It was a perfect summer’s day, with the sun beating down on a large air show crowd, and unbroken blue skies providing a stunning backdrop for displays from vintage aircraft types. It was, in fact, a scene much like that which has been repeated numerous times every year for decades in the UK, where the public has a seemingly unquenchable enthusiasm for aviation.

Following morning attractions including types like de Havilland Tiger Moths, the show commentator raised anticipation levels ahead of the arrival overhead of a classic type hailed for its beauty and elegance.

Barely one minute later, the pilot of the displaying Hawker Hunter failed to pull up from a first manoeuvre at the Shoreham air show, and crashed on a busy main road adjacent to the site. A shocked crowd looked on largely in silence as fire and black smoke rose behind the trees opposite the flightline, with many thinking: but that doesn’t happen in Britain anymore.

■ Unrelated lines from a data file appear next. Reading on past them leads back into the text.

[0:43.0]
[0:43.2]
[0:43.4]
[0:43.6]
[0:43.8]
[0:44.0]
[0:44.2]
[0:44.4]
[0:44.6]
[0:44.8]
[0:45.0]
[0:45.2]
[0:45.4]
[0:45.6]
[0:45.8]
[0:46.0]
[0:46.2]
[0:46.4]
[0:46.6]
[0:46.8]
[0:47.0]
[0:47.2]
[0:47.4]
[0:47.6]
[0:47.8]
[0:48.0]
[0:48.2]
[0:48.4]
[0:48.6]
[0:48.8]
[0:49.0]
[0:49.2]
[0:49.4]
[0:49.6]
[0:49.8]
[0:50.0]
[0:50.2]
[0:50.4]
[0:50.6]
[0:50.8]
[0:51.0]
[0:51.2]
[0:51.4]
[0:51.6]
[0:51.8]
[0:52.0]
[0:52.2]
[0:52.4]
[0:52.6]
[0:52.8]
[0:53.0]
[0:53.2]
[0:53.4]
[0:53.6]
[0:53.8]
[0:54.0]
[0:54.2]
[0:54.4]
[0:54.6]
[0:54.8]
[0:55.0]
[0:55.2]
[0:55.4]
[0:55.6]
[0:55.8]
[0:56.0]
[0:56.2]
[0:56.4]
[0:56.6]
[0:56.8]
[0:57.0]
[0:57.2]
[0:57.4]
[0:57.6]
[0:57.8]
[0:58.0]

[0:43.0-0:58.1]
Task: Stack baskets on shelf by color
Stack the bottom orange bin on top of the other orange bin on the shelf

Shoreham crash - Rex Shutterstock

Hugo Michiels/LNP/Rex Shutterstock

With 11 deaths confirmed by the time of publication, the Shoreham disaster looks to have been the worst accident of its kind in the UK since a prototype de Havilland DH.110 broke apart above the Farnborough air show in September 1952, killing its two crew and 29 spectators. But the fact that on that occasion supersonic displays were resumed later the same day underscores how much aviation has changed in the ensuing 60-plus years.

As proven at Shoreham, flight safety is still by no means perfect, but the reaction of the show organisers – who cancelled further flying and the event’s planned second day – and the Civil Aviation Authority must be commended. The latter has for now restricted historic jet-powered types to conducting flybys only at over-land events, and halted all flights with other Hunters until more is known about the cause of this tragedy.

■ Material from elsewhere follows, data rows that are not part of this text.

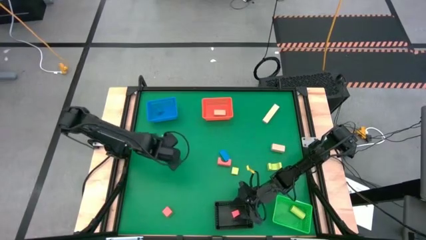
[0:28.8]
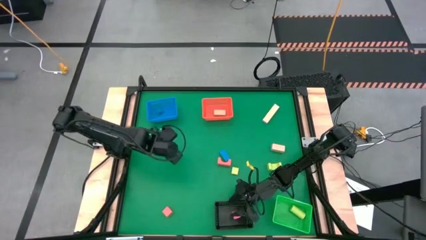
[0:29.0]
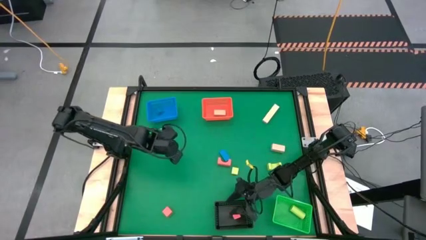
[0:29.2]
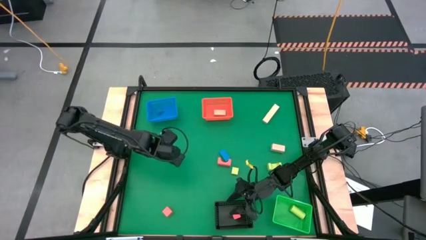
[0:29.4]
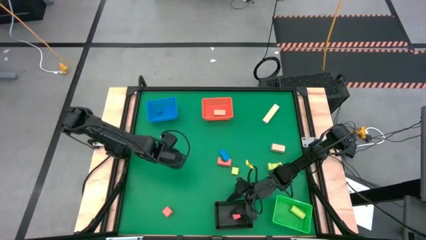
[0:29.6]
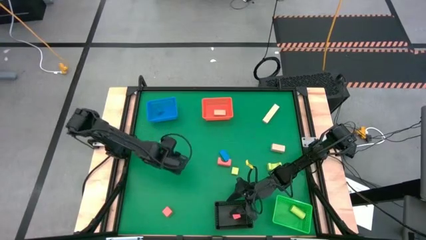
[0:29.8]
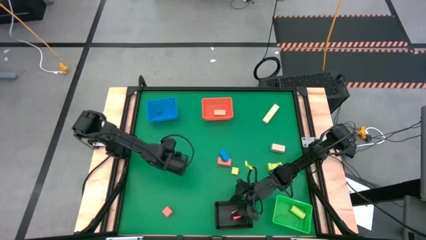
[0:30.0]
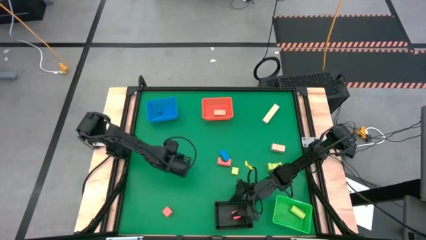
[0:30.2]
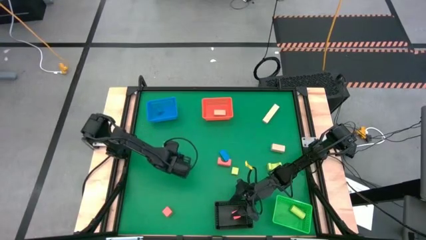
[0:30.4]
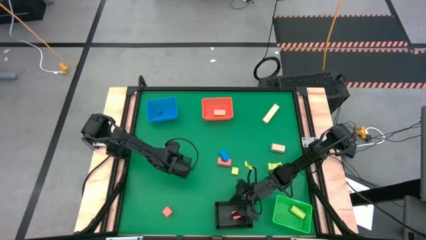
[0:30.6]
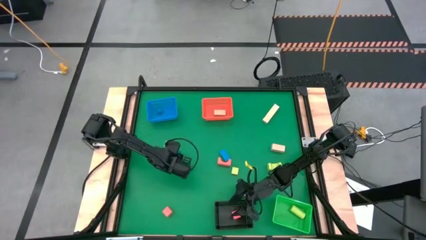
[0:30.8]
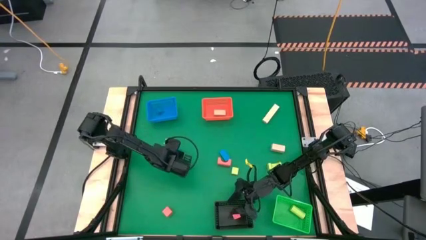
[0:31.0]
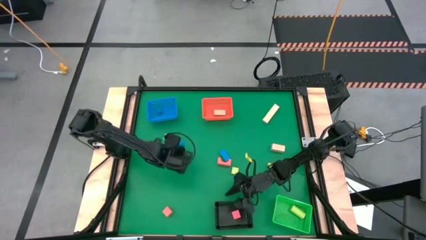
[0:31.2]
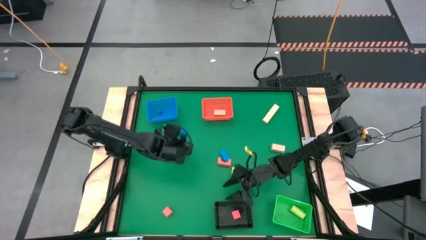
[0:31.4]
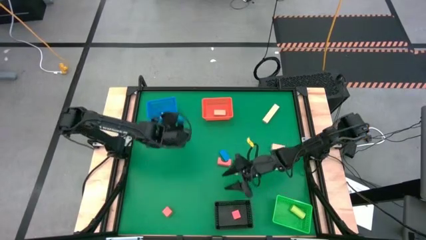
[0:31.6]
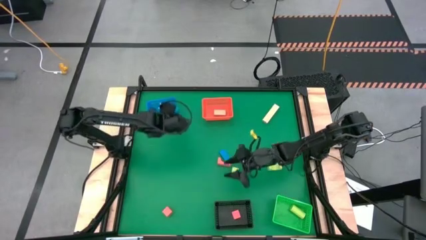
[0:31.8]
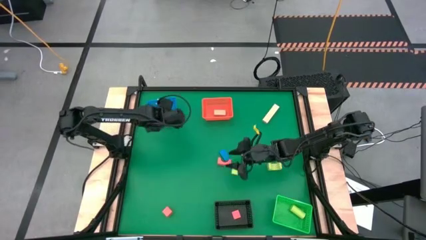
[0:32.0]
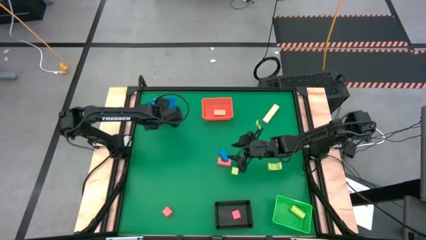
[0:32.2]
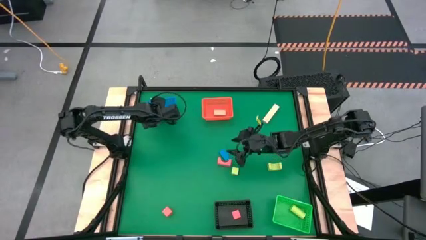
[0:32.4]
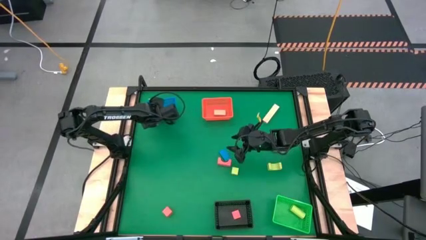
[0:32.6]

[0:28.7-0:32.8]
Task: Sort & place blocks by color
Put the left blue block into the blue bin

To some its decision will appear a knee-jerk reaction, and one leading tabloid newspaper slammed it as “too little, too late” in the wake of the crash. Such criticism fails to consider the huge improvements made to protect air show visitors and innocent bystanders since the risky days when the DH.110 was lost.

Urgent reviews will pull real lessons from the latest disaster, and should reduce the risk of such an event ever happening again. Ultimately, the answer cannot be that air shows should be banned, or that vintage aircraft should be stopped from appearing at them. But if safety must be stepped up again in areas such as display planning and pre-event validation, then change must occur, and fast.